TASK DIRECTIONS.
If a line of the records contains the word "offset", list it.

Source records
Start of Block
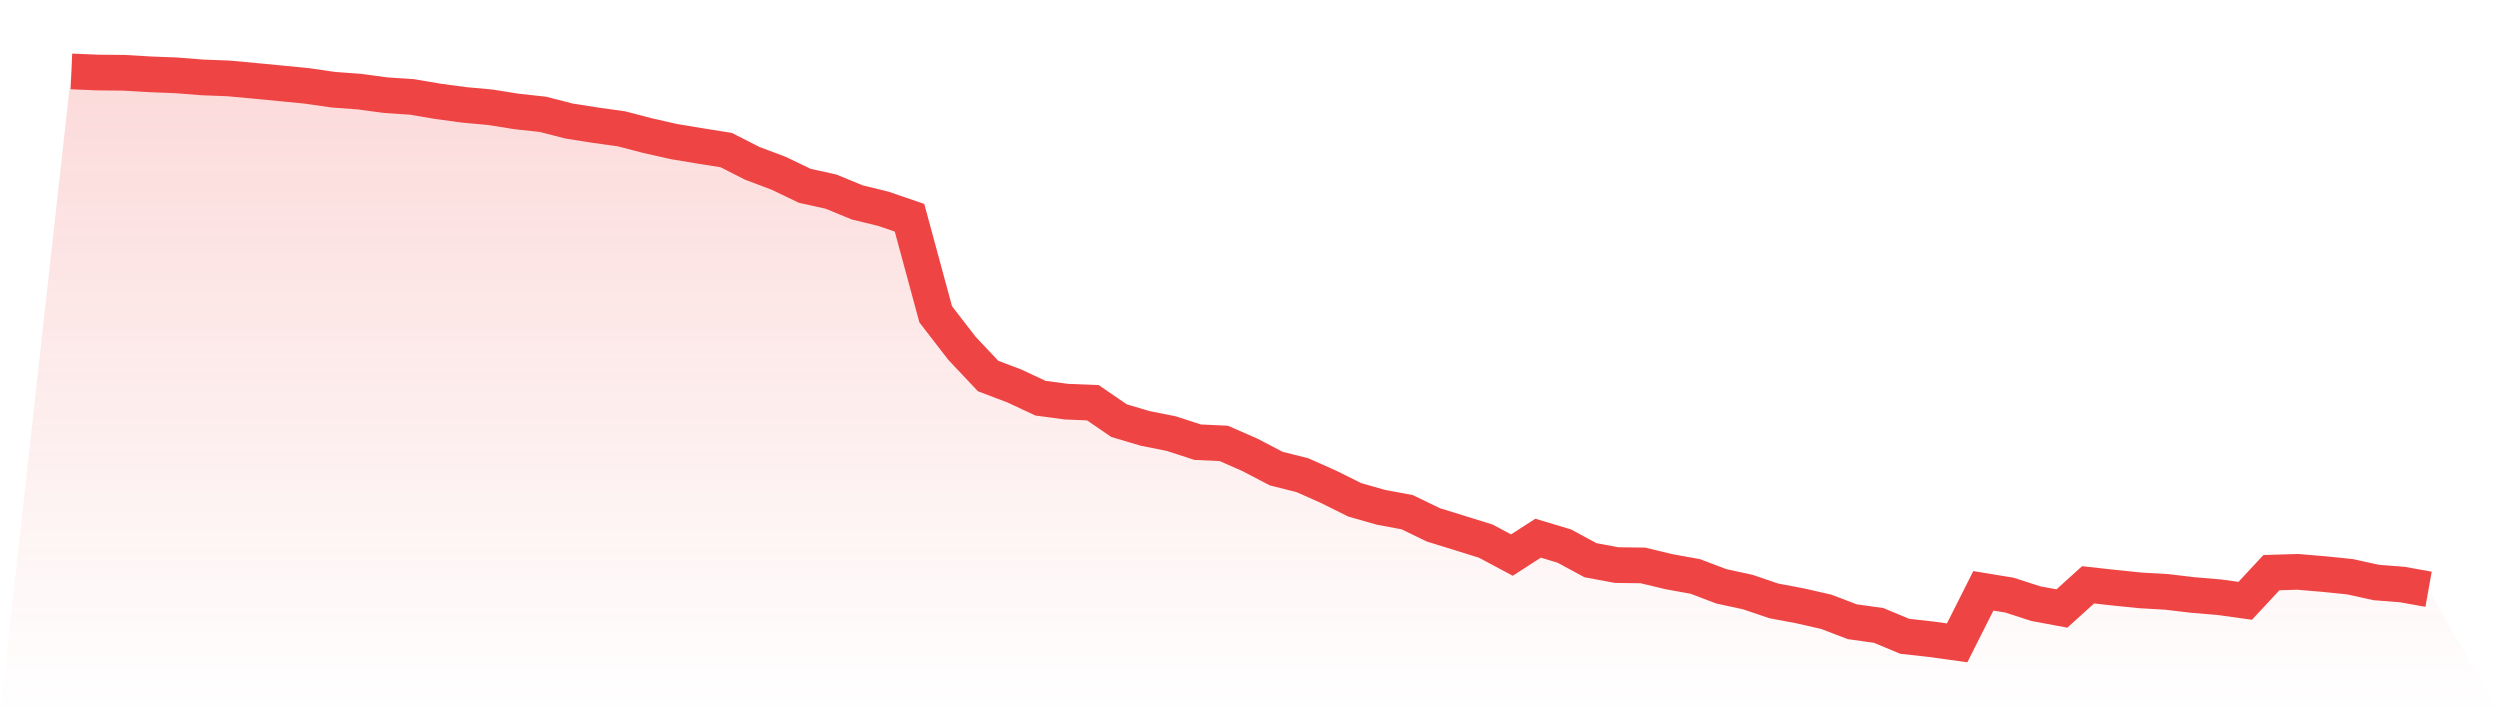 <svg viewBox="0 0 140 40" xmlns="http://www.w3.org/2000/svg">
<defs>
<linearGradient id="gradient" x1="0" x2="0" y1="0" y2="1">
<stop offset="0%" stop-color="#ef4444" stop-opacity="0.2"/>
<stop offset="100%" stop-color="#ef4444" stop-opacity="0"/>
</linearGradient>
</defs>
<path d="M4,4 L4,4 L5.467,4.062 L6.933,4.076 L8.4,4.162 L9.867,4.219 L11.333,4.335 L12.8,4.391 L14.267,4.527 L15.733,4.667 L17.2,4.812 L18.667,5.024 L20.133,5.132 L21.6,5.331 L23.067,5.427 L24.533,5.676 L26,5.873 L27.467,6.008 L28.933,6.242 L30.4,6.402 L31.867,6.778 L33.333,7.009 L34.8,7.214 L36.267,7.595 L37.733,7.927 L39.2,8.171 L40.667,8.404 L42.133,9.15 L43.6,9.701 L45.067,10.405 L46.533,10.73 L48,11.333 L49.467,11.692 L50.933,12.194 L52.4,17.602 L53.867,19.502 L55.333,21.057 L56.8,21.613 L58.267,22.299 L59.733,22.494 L61.2,22.553 L62.667,23.557 L64.133,23.992 L65.6,24.285 L67.067,24.762 L68.533,24.831 L70,25.474 L71.467,26.241 L72.933,26.61 L74.4,27.262 L75.867,27.991 L77.333,28.409 L78.8,28.682 L80.267,29.391 L81.733,29.846 L83.2,30.301 L84.667,31.084 L86.133,30.139 L87.6,30.579 L89.067,31.372 L90.533,31.645 L92,31.664 L93.467,32.016 L94.933,32.28 L96.4,32.836 L97.867,33.153 L99.333,33.65 L100.8,33.926 L102.267,34.26 L103.733,34.819 L105.2,35.023 L106.667,35.633 L108.133,35.796 L109.6,36 L111.067,33.087 L112.533,33.328 L114,33.803 L115.467,34.076 L116.933,32.75 L118.4,32.912 L119.867,33.062 L121.333,33.146 L122.8,33.32 L124.267,33.443 L125.733,33.645 L127.2,32.068 L128.667,32.024 L130.133,32.147 L131.6,32.297 L133.067,32.619 L134.533,32.735 L136,32.998 L140,40 L0,40 z" fill="url(#gradient)"/>
<path d="M4,4 L4,4 L5.467,4.062 L6.933,4.076 L8.4,4.162 L9.867,4.219 L11.333,4.335 L12.8,4.391 L14.267,4.527 L15.733,4.667 L17.2,4.812 L18.667,5.024 L20.133,5.132 L21.6,5.331 L23.067,5.427 L24.533,5.676 L26,5.873 L27.467,6.008 L28.933,6.242 L30.4,6.402 L31.867,6.778 L33.333,7.009 L34.8,7.214 L36.267,7.595 L37.733,7.927 L39.2,8.171 L40.667,8.404 L42.133,9.15 L43.6,9.701 L45.067,10.405 L46.533,10.73 L48,11.333 L49.467,11.692 L50.933,12.194 L52.4,17.602 L53.867,19.502 L55.333,21.057 L56.8,21.613 L58.267,22.299 L59.733,22.494 L61.2,22.553 L62.667,23.557 L64.133,23.992 L65.6,24.285 L67.067,24.762 L68.533,24.831 L70,25.474 L71.467,26.241 L72.933,26.61 L74.4,27.262 L75.867,27.991 L77.333,28.409 L78.8,28.682 L80.267,29.391 L81.733,29.846 L83.2,30.301 L84.667,31.084 L86.133,30.139 L87.6,30.579 L89.067,31.372 L90.533,31.645 L92,31.664 L93.467,32.016 L94.933,32.28 L96.4,32.836 L97.867,33.153 L99.333,33.65 L100.8,33.926 L102.267,34.26 L103.733,34.819 L105.2,35.023 L106.667,35.633 L108.133,35.796 L109.6,36 L111.067,33.087 L112.533,33.328 L114,33.803 L115.467,34.076 L116.933,32.75 L118.4,32.912 L119.867,33.062 L121.333,33.146 L122.8,33.32 L124.267,33.443 L125.733,33.645 L127.2,32.068 L128.667,32.024 L130.133,32.147 L131.6,32.297 L133.067,32.619 L134.533,32.735 L136,32.998" fill="none" stroke="#ef4444" stroke-width="2"/>
</svg>
End of Block
FINISHED EXERCISE.
<stop offset="0%" stop-color="#ef4444" stop-opacity="0.2"/>
<stop offset="100%" stop-color="#ef4444" stop-opacity="0"/>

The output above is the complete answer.